= Exercise details =
First find the line with "#235 = AXIS2_PLACEMENT_3D( '', #455, #456, #457" in the entries below, then set down exactly every line through the line with "#456 = DIRECTION( '', ( 0., 1., 0. ) );", that line included.

= Records shown =

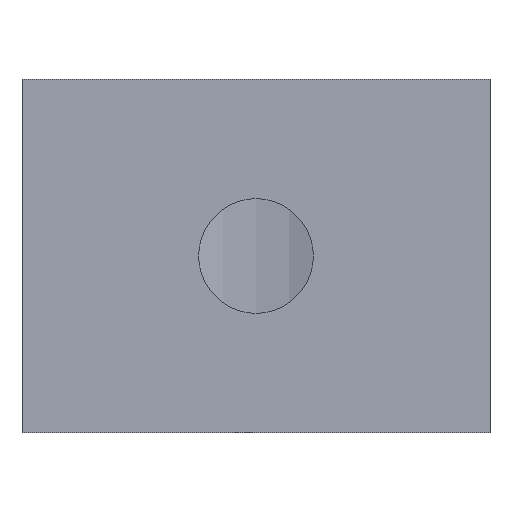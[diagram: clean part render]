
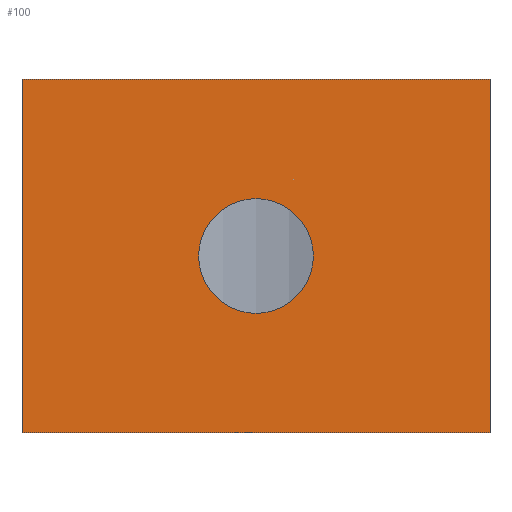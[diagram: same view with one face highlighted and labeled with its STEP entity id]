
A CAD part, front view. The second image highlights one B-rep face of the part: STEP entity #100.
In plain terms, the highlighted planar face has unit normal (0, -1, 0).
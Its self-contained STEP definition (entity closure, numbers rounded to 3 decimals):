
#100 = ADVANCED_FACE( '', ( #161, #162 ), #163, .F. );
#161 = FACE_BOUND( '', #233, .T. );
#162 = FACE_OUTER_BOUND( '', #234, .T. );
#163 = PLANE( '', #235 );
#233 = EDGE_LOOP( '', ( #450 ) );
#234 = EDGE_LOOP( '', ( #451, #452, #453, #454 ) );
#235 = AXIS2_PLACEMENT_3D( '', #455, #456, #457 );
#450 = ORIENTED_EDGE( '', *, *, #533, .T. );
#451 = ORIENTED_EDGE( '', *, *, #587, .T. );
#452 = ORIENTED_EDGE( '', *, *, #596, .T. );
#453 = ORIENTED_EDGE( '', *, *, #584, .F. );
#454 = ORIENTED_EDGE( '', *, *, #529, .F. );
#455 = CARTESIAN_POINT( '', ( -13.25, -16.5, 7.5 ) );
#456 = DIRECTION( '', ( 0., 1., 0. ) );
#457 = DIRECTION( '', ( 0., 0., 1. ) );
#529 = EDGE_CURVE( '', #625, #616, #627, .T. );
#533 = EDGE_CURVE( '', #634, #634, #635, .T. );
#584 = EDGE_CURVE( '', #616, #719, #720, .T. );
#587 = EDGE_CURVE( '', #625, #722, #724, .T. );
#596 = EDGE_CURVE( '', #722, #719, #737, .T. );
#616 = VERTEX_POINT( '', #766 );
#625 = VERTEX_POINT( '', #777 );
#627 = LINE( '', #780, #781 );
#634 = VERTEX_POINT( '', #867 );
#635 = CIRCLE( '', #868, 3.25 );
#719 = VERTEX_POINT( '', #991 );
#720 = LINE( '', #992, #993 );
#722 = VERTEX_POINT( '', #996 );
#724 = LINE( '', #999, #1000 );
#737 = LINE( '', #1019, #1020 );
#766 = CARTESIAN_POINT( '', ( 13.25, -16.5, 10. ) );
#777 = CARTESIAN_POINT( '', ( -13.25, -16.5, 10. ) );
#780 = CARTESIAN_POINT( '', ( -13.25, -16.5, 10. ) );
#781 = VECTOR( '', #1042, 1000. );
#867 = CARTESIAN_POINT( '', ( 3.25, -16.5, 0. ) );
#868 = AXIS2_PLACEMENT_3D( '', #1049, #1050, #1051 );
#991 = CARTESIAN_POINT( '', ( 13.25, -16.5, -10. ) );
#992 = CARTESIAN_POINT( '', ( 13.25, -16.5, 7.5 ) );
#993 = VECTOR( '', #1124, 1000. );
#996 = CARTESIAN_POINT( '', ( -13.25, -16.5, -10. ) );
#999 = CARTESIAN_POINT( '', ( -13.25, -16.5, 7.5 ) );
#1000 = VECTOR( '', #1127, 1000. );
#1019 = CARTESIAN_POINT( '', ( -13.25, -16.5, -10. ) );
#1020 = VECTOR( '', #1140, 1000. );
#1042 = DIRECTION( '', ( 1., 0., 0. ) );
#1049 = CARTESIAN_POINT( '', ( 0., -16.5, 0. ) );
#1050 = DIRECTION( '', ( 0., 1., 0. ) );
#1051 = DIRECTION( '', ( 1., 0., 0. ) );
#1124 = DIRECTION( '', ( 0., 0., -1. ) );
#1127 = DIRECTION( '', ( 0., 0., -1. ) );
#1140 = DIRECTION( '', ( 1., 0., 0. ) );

= Answer to the exercise =
#235 = AXIS2_PLACEMENT_3D( '', #455, #456, #457 );
#450 = ORIENTED_EDGE( '', *, *, #533, .T. );
#451 = ORIENTED_EDGE( '', *, *, #587, .T. );
#452 = ORIENTED_EDGE( '', *, *, #596, .T. );
#453 = ORIENTED_EDGE( '', *, *, #584, .F. );
#454 = ORIENTED_EDGE( '', *, *, #529, .F. );
#455 = CARTESIAN_POINT( '', ( -13.25, -16.5, 7.5 ) );
#456 = DIRECTION( '', ( 0., 1., 0. ) );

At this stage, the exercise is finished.